WHAT TO WORK ON: Transcribe the data exactly, stopping after the "17.657C69.7 18.968 68.443" line.

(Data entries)
--------------------------------------------------

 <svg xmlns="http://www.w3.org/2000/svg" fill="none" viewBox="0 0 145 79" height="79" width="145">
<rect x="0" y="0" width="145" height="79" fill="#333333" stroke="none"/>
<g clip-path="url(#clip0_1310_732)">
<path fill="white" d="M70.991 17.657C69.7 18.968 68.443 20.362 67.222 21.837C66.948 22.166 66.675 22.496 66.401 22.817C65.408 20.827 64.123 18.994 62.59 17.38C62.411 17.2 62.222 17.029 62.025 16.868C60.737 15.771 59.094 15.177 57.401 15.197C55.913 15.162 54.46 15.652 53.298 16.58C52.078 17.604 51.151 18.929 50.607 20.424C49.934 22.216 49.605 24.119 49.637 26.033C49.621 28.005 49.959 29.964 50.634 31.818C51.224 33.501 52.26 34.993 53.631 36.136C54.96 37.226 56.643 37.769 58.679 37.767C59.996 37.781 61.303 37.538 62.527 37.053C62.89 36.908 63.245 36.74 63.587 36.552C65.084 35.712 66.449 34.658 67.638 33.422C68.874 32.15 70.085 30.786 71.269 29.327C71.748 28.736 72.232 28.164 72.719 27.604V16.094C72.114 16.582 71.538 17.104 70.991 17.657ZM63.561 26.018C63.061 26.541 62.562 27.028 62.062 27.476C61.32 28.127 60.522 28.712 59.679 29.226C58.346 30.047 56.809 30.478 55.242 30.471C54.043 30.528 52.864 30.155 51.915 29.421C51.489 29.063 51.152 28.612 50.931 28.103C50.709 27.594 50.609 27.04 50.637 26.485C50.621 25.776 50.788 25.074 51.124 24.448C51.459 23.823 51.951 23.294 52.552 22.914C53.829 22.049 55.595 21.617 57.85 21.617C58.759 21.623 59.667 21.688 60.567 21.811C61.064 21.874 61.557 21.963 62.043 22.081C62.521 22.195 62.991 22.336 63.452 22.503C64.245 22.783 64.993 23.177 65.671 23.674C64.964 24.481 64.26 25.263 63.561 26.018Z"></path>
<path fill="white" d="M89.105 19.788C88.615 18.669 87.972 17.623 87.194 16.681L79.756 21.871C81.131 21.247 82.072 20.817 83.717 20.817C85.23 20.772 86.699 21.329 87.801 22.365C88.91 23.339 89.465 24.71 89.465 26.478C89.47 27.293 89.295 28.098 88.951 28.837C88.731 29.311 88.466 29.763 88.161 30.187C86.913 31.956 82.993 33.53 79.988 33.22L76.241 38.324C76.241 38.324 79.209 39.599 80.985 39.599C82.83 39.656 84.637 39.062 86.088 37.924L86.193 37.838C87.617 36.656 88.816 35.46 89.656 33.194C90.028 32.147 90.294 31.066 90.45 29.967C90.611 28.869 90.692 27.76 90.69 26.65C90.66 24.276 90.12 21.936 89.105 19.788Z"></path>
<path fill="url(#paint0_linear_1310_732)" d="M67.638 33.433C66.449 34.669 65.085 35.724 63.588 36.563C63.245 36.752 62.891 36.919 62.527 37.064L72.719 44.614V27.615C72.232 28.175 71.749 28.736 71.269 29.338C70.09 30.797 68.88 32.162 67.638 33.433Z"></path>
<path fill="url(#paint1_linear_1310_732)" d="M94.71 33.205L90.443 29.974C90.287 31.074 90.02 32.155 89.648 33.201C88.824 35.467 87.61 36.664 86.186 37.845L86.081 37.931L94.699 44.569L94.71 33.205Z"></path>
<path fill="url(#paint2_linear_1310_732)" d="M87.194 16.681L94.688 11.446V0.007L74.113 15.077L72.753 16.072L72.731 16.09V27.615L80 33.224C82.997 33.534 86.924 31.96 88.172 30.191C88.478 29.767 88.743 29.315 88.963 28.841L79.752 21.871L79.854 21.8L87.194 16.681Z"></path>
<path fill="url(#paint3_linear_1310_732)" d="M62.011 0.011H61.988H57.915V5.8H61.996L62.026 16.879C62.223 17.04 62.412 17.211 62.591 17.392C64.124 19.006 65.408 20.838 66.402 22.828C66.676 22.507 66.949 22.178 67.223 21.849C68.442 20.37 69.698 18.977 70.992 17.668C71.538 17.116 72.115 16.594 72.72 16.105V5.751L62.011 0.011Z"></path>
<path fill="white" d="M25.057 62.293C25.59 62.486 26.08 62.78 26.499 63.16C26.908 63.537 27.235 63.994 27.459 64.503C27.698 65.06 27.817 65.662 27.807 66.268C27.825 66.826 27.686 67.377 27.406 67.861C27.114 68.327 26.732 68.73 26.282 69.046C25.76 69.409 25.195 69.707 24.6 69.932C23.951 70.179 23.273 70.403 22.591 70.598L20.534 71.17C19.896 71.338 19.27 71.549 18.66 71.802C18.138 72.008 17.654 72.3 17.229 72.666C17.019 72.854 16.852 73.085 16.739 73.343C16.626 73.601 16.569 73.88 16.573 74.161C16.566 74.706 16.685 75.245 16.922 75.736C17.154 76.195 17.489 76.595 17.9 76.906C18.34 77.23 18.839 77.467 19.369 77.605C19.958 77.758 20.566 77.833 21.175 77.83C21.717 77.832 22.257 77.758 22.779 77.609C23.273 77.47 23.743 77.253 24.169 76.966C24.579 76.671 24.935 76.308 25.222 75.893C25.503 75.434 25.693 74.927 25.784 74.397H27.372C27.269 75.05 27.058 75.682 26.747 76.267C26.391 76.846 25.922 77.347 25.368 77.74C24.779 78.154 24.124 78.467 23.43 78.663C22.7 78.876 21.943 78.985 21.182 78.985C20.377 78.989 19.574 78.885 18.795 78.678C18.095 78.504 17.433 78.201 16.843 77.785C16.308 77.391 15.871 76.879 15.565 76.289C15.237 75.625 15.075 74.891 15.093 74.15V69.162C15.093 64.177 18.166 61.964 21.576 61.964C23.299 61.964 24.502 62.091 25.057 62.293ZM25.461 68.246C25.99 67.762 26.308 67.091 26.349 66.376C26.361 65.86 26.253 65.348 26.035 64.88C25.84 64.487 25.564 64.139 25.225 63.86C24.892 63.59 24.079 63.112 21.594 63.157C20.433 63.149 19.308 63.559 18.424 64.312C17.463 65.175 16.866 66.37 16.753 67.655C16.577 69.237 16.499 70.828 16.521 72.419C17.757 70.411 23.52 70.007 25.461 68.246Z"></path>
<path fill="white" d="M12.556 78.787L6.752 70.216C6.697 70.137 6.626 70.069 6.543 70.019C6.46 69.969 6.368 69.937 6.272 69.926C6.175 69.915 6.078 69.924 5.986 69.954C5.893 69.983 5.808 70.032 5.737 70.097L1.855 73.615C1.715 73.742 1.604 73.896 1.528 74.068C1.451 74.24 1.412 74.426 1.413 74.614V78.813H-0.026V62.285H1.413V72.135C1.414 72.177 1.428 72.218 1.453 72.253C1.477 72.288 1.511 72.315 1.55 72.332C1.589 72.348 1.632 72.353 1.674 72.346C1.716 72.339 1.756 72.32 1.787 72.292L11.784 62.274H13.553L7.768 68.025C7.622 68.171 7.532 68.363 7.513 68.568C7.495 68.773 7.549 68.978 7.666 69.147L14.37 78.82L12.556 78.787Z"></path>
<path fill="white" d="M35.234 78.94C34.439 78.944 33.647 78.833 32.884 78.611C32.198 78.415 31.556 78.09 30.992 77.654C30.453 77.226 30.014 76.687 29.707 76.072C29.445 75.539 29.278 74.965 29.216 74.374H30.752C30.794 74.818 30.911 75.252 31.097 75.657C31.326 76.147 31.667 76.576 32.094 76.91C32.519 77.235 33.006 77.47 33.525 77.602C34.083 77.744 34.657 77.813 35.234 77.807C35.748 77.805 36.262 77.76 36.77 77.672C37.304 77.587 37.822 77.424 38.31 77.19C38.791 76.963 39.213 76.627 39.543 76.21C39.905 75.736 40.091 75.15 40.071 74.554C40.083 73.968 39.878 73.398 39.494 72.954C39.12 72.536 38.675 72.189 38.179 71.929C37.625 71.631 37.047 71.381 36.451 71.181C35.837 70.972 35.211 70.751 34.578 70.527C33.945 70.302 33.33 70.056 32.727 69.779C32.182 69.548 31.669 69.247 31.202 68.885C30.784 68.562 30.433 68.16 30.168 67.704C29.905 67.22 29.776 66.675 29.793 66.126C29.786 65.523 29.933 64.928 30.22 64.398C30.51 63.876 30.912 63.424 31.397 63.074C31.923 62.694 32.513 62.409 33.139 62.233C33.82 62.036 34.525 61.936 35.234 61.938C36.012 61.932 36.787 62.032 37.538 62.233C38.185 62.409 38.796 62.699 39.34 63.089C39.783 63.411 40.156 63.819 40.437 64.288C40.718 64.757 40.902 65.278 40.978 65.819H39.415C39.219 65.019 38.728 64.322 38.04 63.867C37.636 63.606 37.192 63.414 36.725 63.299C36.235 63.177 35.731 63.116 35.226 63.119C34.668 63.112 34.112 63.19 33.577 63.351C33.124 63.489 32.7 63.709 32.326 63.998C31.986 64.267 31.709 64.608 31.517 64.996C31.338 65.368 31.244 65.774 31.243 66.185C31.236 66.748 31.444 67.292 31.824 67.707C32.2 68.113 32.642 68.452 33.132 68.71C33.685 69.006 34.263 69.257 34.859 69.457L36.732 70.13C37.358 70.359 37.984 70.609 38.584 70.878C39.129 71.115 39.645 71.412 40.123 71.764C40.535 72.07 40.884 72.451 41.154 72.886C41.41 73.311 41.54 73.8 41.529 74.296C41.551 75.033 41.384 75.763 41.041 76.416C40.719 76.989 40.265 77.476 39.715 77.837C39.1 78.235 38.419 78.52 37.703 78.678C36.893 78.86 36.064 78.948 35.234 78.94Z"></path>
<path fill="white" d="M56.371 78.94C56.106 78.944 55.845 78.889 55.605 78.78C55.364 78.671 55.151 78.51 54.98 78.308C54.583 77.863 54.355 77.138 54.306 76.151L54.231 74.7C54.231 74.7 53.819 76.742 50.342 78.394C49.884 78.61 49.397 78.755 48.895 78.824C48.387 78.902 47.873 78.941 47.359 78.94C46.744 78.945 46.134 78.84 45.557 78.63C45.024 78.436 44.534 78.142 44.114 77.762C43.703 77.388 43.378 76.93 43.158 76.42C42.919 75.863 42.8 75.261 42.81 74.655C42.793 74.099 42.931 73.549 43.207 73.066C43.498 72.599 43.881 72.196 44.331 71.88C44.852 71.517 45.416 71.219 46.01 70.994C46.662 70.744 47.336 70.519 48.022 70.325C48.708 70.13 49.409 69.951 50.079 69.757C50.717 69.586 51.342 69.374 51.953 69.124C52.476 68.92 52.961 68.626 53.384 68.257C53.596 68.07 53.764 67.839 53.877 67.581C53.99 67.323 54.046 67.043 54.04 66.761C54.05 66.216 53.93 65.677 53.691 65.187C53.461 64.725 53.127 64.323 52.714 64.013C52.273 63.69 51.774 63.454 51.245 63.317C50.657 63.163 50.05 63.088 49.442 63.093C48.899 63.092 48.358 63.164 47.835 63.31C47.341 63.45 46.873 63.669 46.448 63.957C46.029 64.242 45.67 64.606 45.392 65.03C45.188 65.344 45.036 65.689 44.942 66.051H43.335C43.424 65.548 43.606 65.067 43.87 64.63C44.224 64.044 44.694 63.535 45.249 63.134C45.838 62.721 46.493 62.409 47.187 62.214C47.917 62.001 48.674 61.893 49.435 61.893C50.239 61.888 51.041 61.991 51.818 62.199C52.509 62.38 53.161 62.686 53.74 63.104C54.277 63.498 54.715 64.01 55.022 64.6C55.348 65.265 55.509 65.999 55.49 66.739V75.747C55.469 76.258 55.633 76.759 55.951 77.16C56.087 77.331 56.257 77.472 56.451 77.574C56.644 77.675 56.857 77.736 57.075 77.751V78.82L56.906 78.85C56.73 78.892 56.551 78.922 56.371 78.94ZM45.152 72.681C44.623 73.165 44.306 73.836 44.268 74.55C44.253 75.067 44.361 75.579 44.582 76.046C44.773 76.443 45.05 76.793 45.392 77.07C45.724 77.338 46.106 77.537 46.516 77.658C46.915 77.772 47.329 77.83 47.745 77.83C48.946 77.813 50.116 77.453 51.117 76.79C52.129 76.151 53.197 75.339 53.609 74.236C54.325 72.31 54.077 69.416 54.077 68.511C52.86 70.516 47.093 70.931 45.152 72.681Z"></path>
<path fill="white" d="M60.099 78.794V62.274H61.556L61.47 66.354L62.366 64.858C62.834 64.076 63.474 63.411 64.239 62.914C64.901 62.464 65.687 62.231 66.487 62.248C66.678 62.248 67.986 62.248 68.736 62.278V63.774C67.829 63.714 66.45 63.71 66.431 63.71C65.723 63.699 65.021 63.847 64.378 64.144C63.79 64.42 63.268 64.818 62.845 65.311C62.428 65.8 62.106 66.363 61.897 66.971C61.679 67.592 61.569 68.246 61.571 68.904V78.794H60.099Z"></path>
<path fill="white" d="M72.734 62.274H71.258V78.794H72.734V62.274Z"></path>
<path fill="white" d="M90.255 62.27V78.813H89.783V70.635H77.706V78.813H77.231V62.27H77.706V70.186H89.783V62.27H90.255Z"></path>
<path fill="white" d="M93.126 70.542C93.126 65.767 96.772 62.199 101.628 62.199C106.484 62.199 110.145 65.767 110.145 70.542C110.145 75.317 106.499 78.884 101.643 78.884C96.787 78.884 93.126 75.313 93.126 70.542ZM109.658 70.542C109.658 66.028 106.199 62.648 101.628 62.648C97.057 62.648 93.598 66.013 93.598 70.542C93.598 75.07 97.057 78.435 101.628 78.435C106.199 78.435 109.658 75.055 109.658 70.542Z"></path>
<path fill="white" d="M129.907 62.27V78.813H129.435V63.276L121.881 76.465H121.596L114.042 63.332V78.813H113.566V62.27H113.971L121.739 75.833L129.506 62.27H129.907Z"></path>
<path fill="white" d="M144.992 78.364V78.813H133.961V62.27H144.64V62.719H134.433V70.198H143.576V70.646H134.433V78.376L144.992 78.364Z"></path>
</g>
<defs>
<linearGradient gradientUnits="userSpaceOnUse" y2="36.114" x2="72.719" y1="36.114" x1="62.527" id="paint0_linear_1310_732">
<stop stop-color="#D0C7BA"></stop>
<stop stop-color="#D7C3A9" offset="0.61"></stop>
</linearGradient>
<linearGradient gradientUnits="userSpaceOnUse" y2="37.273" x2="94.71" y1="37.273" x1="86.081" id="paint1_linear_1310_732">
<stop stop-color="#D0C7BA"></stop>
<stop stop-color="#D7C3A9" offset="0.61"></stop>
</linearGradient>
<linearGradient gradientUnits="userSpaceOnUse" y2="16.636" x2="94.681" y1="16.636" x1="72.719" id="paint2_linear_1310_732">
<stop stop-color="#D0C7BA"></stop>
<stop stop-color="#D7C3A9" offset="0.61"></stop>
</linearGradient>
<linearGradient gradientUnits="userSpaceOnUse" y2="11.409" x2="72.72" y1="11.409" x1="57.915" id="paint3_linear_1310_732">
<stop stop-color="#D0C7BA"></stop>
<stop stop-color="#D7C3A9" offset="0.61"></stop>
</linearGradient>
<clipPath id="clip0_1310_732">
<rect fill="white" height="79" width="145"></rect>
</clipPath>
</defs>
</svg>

--------------------------------------------------

EXPECTED ANSWER:
 <svg xmlns="http://www.w3.org/2000/svg" fill="none" viewBox="0 0 145 79" height="79" width="145">
<rect x="0" y="0" width="145" height="79" fill="#333333" stroke="none"/>
<g clip-path="url(#clip0_1310_732)">
<path fill="white" d="M70.991 17.657C69.7 18.968 68.443 20.362 67.222 21.837C66.948 22.166 66.675 22.496 66.401 22.817C65.408 20.827 64.123 18.994 62.59 17.38C62.411 17.2 62.222 17.029 62.025 16.868C60.737 15.771 59.094 15.177 57.401 15.197C55.913 15.162 54.46 15.652 53.298 16.58C52.078 17.604 51.151 18.929 50.607 20.424C49.934 22.216 49.605 24.119 49.637 26.033C49.621 28.005 49.959 29.964 50.634 31.818C51.224 33.501 52.26 34.993 53.631 36.136C54.96 37.226 56.643 37.769 58.679 37.767C59.996 37.781 61.303 37.538 62.527 37.053C62.89 36.908 63.245 36.74 63.587 36.552C65.084 35.712 66.449 34.658 67.638 33.422C68.874 32.15 70.085 30.786 71.269 29.327C71.748 28.736 72.232 28.164 72.719 27.604V16.094C72.114 16.582 71.538 17.104 70.991 17.657ZM63.561 26.018C63.061 26.541 62.562 27.028 62.062 27.476C61.32 28.127 60.522 28.712 59.679 29.226C58.346 30.047 56.809 30.478 55.242 30.471C54.043 30.528 52.864 30.155 51.915 29.421C51.489 29.063 51.152 28.612 50.931 28.103C50.709 27.594 50.609 27.04 50.637 26.485C50.621 25.776 50.788 25.074 51.124 24.448C51.459 23.823 51.951 23.294 52.552 22.914C53.829 22.049 55.595 21.617 57.85 21.617C58.759 21.623 59.667 21.688 60.567 21.811C61.064 21.874 61.557 21.963 62.043 22.081C62.521 22.195 62.991 22.336 63.452 22.503C64.245 22.783 64.993 23.177 65.671 23.674C64.964 24.481 64.26 25.263 63.561 26.018Z"></path>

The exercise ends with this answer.